◆ Records contained in a dataset
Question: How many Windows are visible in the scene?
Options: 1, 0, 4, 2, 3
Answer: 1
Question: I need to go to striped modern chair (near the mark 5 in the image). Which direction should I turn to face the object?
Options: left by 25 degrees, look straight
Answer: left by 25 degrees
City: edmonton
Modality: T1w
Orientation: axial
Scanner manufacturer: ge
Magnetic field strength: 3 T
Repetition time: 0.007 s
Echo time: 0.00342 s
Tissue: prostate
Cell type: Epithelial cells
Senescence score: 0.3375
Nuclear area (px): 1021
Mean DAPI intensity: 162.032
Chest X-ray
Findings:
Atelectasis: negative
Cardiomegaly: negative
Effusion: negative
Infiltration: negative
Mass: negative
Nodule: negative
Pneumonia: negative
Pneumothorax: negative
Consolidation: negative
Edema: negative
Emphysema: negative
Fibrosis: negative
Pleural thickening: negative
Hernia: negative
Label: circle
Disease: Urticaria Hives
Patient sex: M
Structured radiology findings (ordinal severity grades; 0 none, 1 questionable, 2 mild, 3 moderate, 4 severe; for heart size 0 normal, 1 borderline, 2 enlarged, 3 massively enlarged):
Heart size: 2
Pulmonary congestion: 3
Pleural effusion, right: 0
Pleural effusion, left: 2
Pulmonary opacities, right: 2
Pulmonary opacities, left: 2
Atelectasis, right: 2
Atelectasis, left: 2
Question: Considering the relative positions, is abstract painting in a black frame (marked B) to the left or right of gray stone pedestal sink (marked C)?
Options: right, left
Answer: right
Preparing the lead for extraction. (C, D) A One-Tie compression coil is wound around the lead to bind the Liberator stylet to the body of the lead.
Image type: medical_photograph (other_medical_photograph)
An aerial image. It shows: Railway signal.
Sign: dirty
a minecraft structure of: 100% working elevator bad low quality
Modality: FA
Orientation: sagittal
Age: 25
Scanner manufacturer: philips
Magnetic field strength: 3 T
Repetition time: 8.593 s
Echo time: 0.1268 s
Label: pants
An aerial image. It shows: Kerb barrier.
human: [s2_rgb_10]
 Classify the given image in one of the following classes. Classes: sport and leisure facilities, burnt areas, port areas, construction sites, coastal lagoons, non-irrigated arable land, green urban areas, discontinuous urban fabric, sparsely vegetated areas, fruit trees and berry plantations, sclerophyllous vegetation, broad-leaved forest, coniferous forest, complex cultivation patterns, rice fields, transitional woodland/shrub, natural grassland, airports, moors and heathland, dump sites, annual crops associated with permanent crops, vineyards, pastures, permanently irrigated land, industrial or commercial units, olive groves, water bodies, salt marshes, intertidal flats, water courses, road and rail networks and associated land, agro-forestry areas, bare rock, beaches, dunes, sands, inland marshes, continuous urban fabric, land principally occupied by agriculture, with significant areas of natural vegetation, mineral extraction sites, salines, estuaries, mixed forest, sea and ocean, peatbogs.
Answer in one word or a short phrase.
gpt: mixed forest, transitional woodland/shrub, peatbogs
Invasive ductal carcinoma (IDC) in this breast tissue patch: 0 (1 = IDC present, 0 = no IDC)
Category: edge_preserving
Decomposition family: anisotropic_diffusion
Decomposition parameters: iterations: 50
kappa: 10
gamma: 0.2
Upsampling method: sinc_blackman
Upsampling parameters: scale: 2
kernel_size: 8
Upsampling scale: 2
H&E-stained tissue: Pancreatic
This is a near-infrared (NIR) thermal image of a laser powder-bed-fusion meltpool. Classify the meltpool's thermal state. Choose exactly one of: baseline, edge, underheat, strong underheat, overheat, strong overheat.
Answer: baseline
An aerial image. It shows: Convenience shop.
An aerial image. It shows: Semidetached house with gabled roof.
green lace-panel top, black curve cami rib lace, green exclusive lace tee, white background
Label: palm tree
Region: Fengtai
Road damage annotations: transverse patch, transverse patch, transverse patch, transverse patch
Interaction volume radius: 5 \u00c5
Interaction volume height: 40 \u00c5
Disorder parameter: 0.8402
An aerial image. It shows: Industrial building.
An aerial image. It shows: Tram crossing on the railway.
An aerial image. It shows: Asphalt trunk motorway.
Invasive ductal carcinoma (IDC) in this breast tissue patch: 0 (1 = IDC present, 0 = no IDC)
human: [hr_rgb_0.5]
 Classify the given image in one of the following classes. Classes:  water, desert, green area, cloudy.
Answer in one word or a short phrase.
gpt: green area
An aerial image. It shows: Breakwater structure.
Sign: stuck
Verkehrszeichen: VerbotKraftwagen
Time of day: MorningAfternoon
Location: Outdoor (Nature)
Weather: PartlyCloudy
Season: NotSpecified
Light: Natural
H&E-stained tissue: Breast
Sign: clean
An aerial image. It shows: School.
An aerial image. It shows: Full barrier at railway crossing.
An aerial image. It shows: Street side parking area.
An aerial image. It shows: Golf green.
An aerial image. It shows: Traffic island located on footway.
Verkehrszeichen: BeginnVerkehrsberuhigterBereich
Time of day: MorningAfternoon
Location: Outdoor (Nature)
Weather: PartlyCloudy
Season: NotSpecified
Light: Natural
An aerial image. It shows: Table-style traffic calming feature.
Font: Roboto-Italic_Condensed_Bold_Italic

◆ Your assignment
Starting at the first line of the records, print each line exactly, stopping after the line that contains "Repetition time: 0.007 s".

◆ Exercise response
Question: How many Windows are visible in the scene?
Options: 1, 0, 4, 2, 3
Answer: 1
Question: I need to go to striped modern chair (near the mark 5 in the image). Which direction should I turn to face the object?
Options: left by 25 degrees, look straight
Answer: left by 25 degrees
City: edmonton
Modality: T1w
Orientation: axial
Scanner manufacturer: ge
Magnetic field strength: 3 T
Repetition time: 0.007 s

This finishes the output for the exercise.